Grays change colors every year. First, they lighten up until they are white or nearly white and then, the ones that are going to get 'flea bitten' specks, will get more of them every year.


----------



## ThirteenAcres (Apr 27, 2012)

Cherie, yes, she does have a grey parent. Her sire is listed as grey on his pedigree and on the profile for the ranch that owned him. His pedigree can be found here. Aust N Duke Quarter Horse

I'm attaching some photos so you can see what I mean by the markings I'm seeing. They very well may just be seasonal. The only mark I've noticed that she keeps no matter what changes her coat goes through that is NOT listed on her papers is a white oval on her hindquarters. It has stayed no matter what.




























And this picture just kinda shows how her legs have started to get lighter. I figured it was seasonal, but wasn't sure at what point I should send in the corrections and pictures.


----------



## Ripper (Apr 1, 2012)

My show gelding was listed as a red dun.

He was a red roan.

The only slight problem was at the world show.

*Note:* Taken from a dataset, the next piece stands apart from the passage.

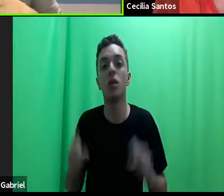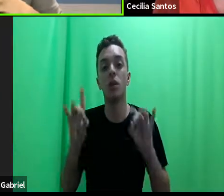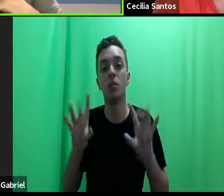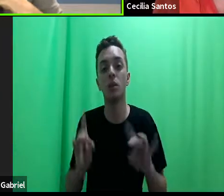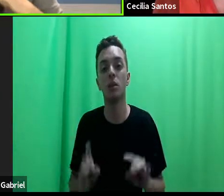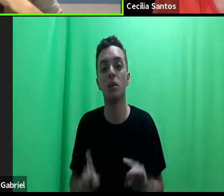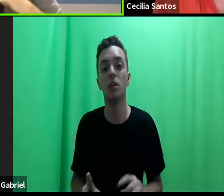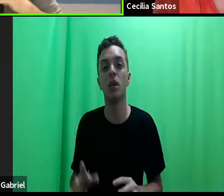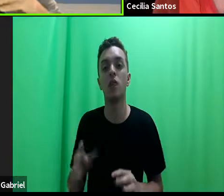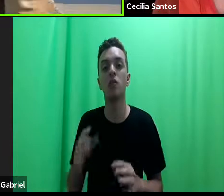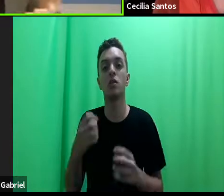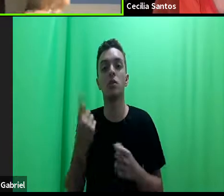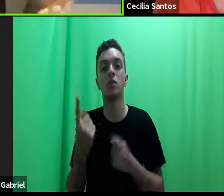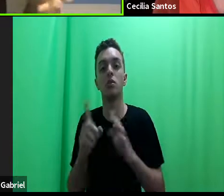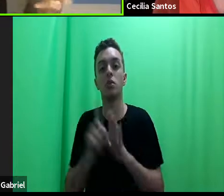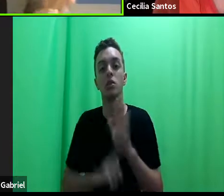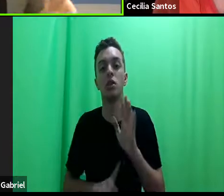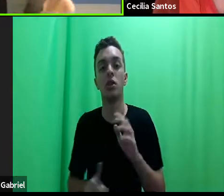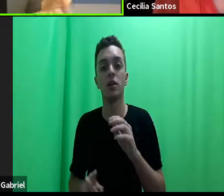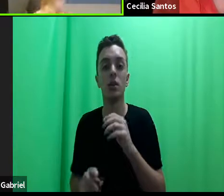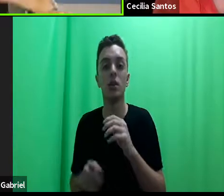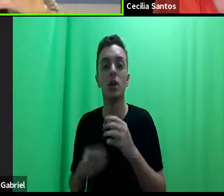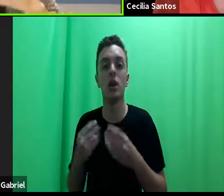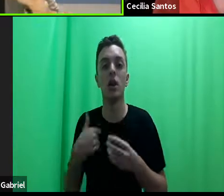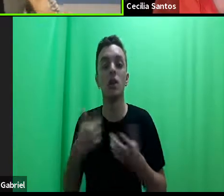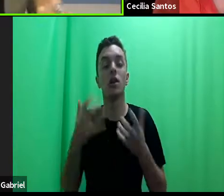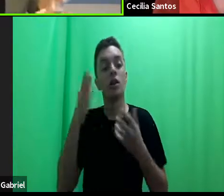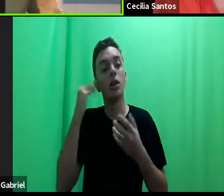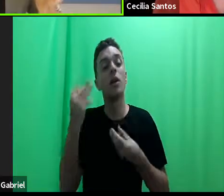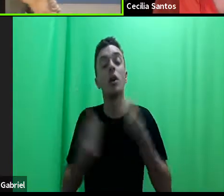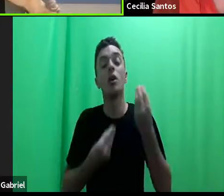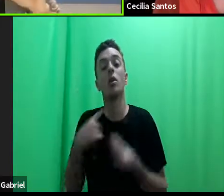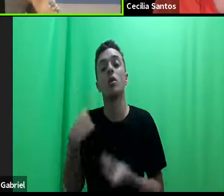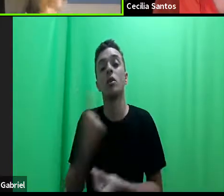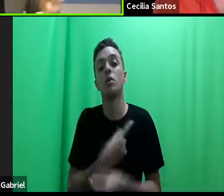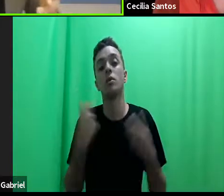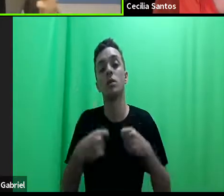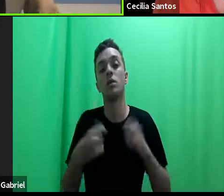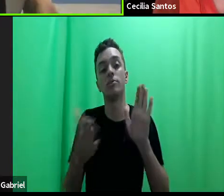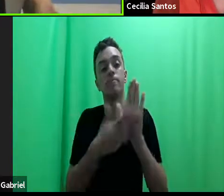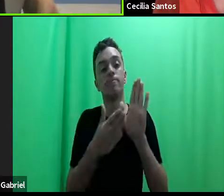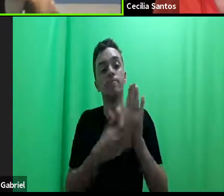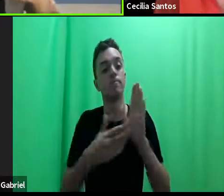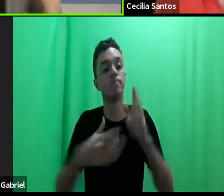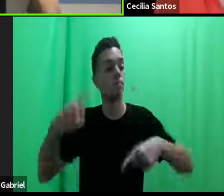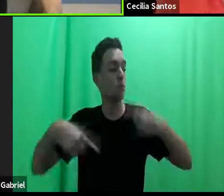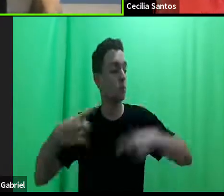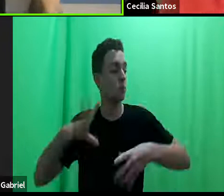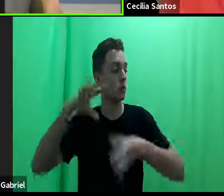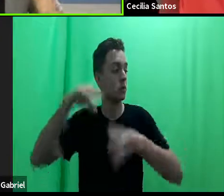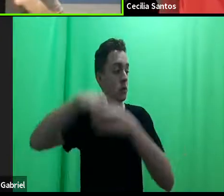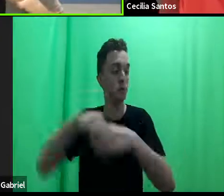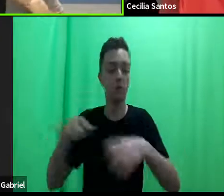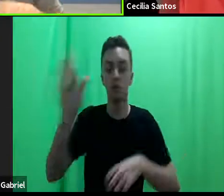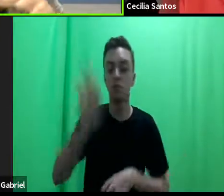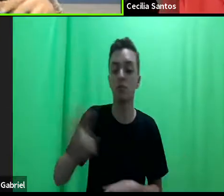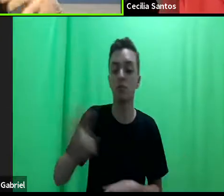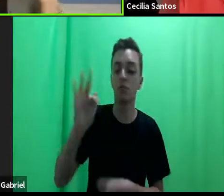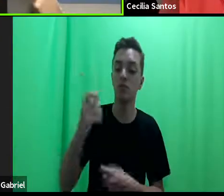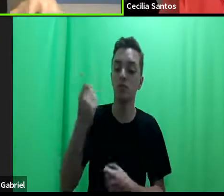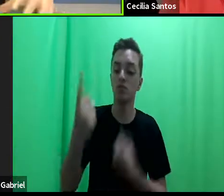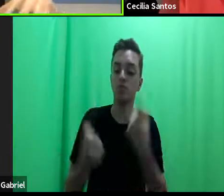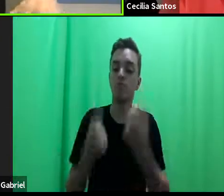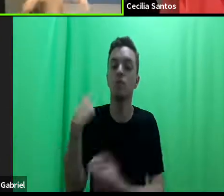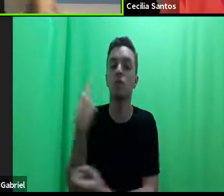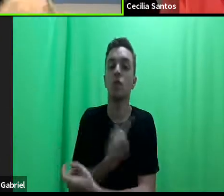tipo de direito, então, como que a gente pode colocar esse debate em pauta dentro das faculdades, em que a gente está formando

Then it was cleared up.....it was a little stressful.

I never did change them.


----------



## Poseidon (Oct 1, 2010)

Only show what white markings she was born with. They most likely won't be immediately visible after she's entirely gray, but they will have pink skin underneath rather than dark. The "socks" created by the graying process will still have dark skin under them and are not the same as a white marking.


----------